The tumor may be any benign or malignant tumor. For example, the malignant tumor is chronic myeloid leukemia, acute myeloid leukemia, chronic lymphocytic leukemia, acute lymphocytic leukemia, lung cancer, gastric cancer, colon cancer, breast cancer, bone cancer, pancreatic cancer, skin cancer, head cancer, head and neck cancer, melanoma, uterine cancer, ovarian cancer, large intestine cancer, small intestine cancer, rectal cancer, anal cancer, fallopian tube carcinoma, endometrial cancer, cervical cancer, vaginal cancer, vulva cancer, Hodgkin's disease, esophageal cancer, lymphatic cancer, bladder cancer, gallbladder cancer, endocrine gland cancer, prostate cancer, adrenal cancer, soft tissue sarcoma, urethral cancer, penile cancer, lymphocytic lymphoma, renal cancer, ureteral cancer, renal pelvic cancer, blood cancer, brain cancer, central nervous system (CNS) tumor, spinal cord tumor, brainstem glioma, or pituitary adenoma.
Before the selecting, pretreating may be further included. The pretreating may be correcting the collected DNA methylation data using a DNA methyltransferase 1-like hidden markov model (DNMT1-like HMM). The DNMT1-like HMM may be modeling of enzymatic characteristics of DNA methyltransferase 1, which is an enzyme responsible for maintaining DNA methylation in cells, using a hidden markov model (HMM). The DNMT1-like HMM may further use an expectation-maximization algorithm (EM algorithm).
The determining may be performing an operation on a binary pattern. For example, the binary pattern is a pattern where CpG-dinucleotides of a read have a fully methylated pattern and a fully unmethylated pattern. A fraction of fingerprint pattern (FF) may be drawn from the operation on the binary pattern.
The term “FF” refers to a fraction of reads regarding fingerprint pattern calculated from each fingerprint epilocus. The fraction may be a value obtained by dividing the number of reads having fully methylated CpG-dinucleotides pattern by the total number of reads mapped to the corresponding fingerprint epilocus. Relative abundance of each subclone may be estimated from the FF.
In the determining, a beta binomial mixture model may be used. In the beta binomial mixture model, when the number of fully methylated patterns and the number of fully unmethylated patterns at each fingerprint epilocus (i) are denoted by mi and ui, respectively, mi and mi+ui may be parameterized by α and β. The number of parameters α and β and value thereof may be estimated by using the beta binomial mixture model.

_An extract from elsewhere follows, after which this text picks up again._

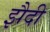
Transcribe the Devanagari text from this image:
झैदी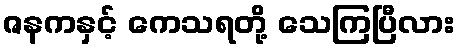
ဇနကနှင့် ကေသရတို့ သေကြပြီလား

The beta binomial mixture model may test 1 cluster to 15 clusters to select a model with the minimum Bayesian information criterion (BIC). However, the number of clusters may vary depending on the user's settings. Further, by expanding the above-described method, it is also possible to perform temporal and spatial multidimensional analysis of a single tumor sample. For example, tumor samples obtained at two different time points may be analyzed, and accordingly, the change pattern of subclones between the time points may be inferred.
The determining may be determining the number of intratumoral subclones, relative abundance of intratumoral subclones, or a combination thereof.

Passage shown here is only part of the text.